Omit every picture and return the rest of the data unaltered.

##### Records for this exercise #####

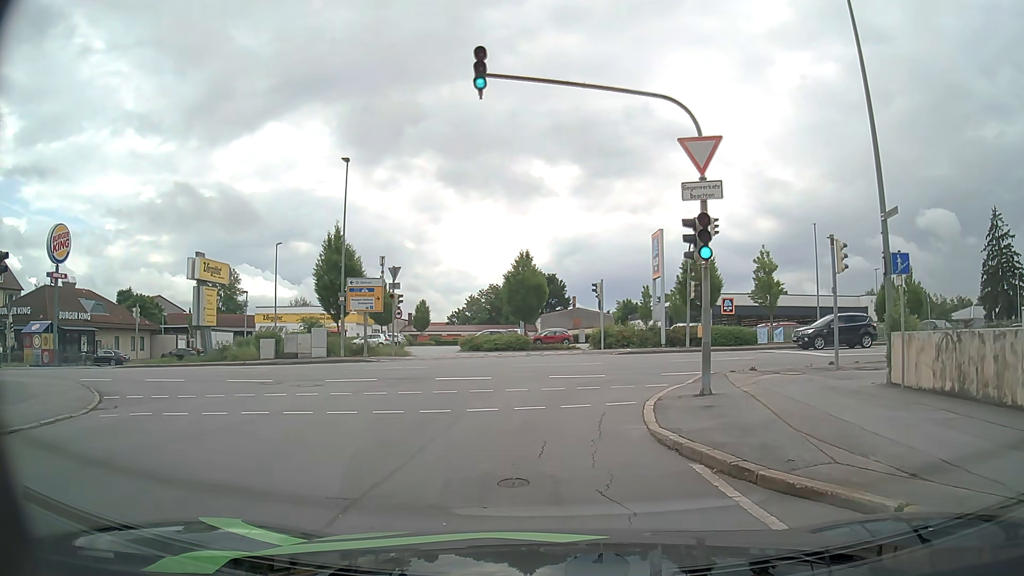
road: residential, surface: asphalt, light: Day
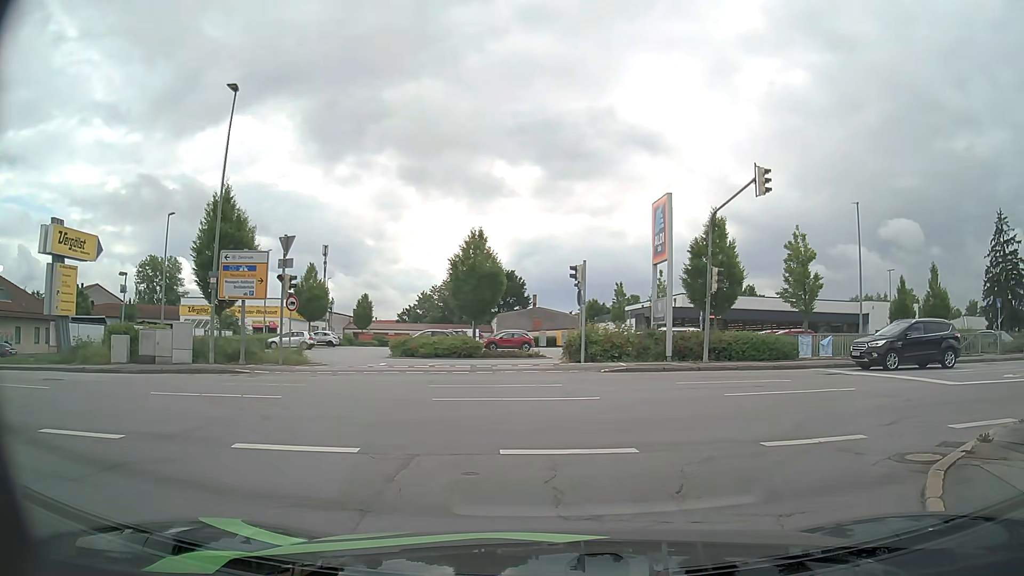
(-0.2, +11.0) m; +2°
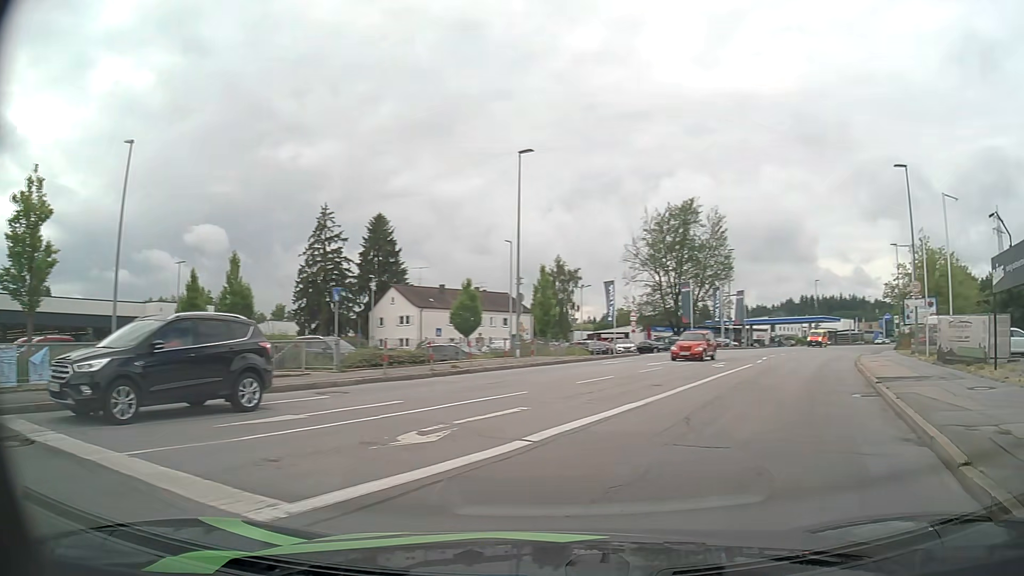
(+5.5, +11.0) m; +60°
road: tertiary
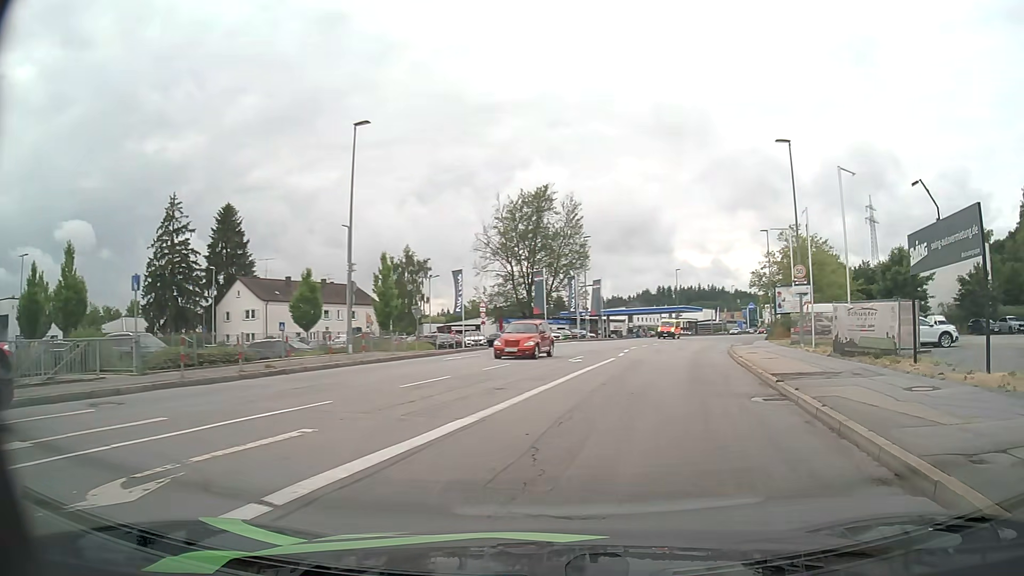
(+0.5, +3.5) m; +13°
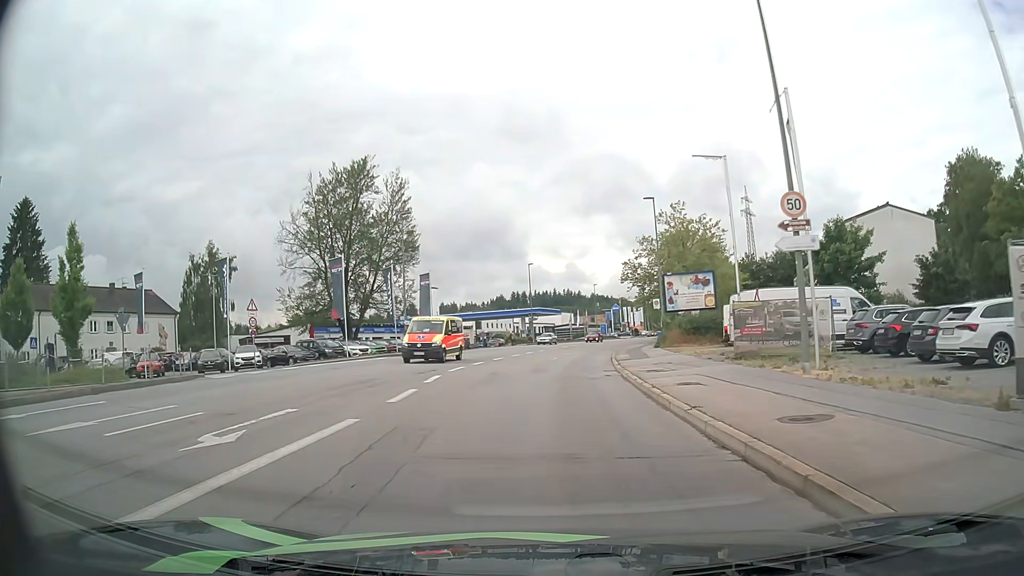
(+3.2, +18.1) m; +12°
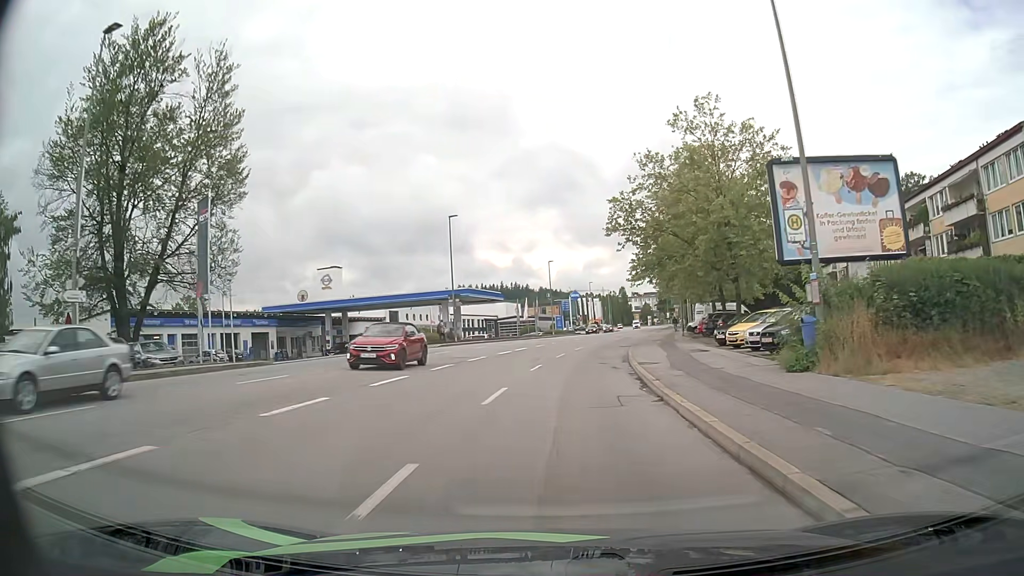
(+1.0, +33.4) m; +4°
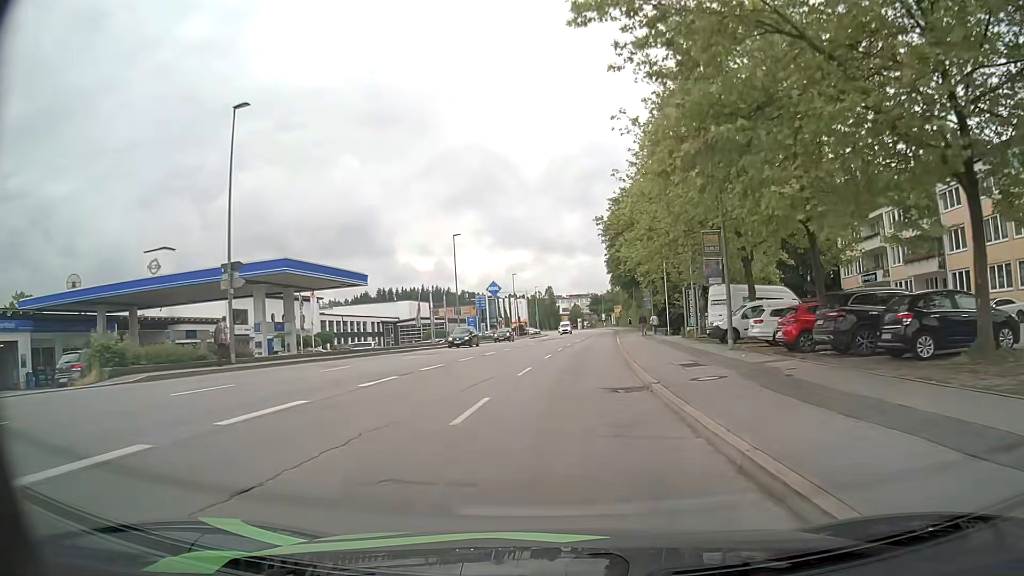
(+1.6, +29.6) m; +7°
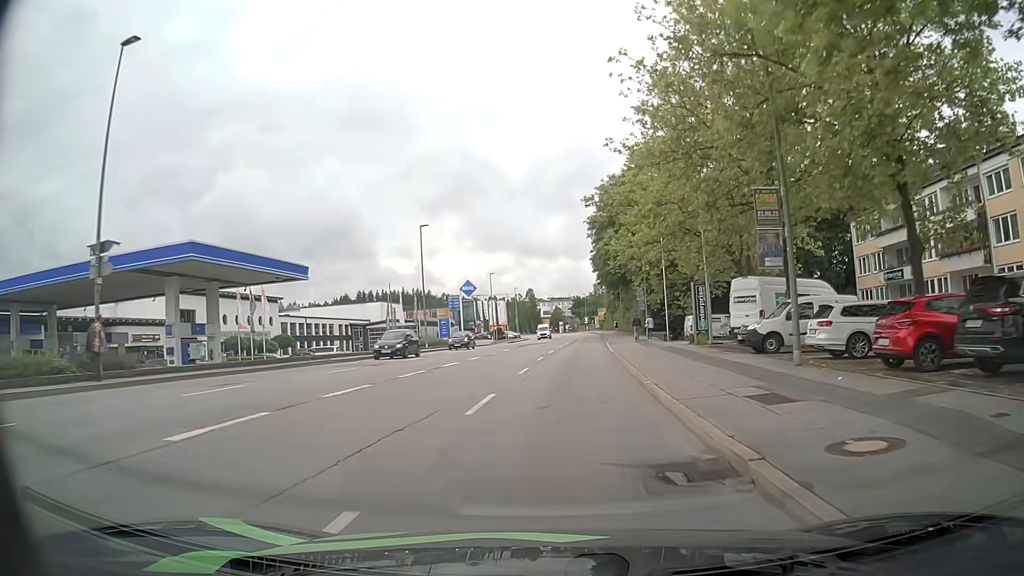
(+0.1, +7.8) m; +1°
(0, +10) (+1, +20) (+1, +30) (+2, +40) (+3, +50) (+3, +60) (+4, +70) (+4, +80) (+5, +90) (+6, +100) m

#####

• [Result for this exercise]
road: residential, surface: asphalt, light: Day
(-0.2, +11.0) m; +2°
(+5.5, +11.0) m; +60°
road: tertiary
(+0.5, +3.5) m; +13°
(+3.2, +18.1) m; +12°
(+1.0, +33.4) m; +4°
(+1.6, +29.6) m; +7°
(+0.1, +7.8) m; +1°
(0, +10) (+1, +20) (+1, +30) (+2, +40) (+3, +50) (+3, +60) (+4, +70) (+4, +80) (+5, +90) (+6, +100) m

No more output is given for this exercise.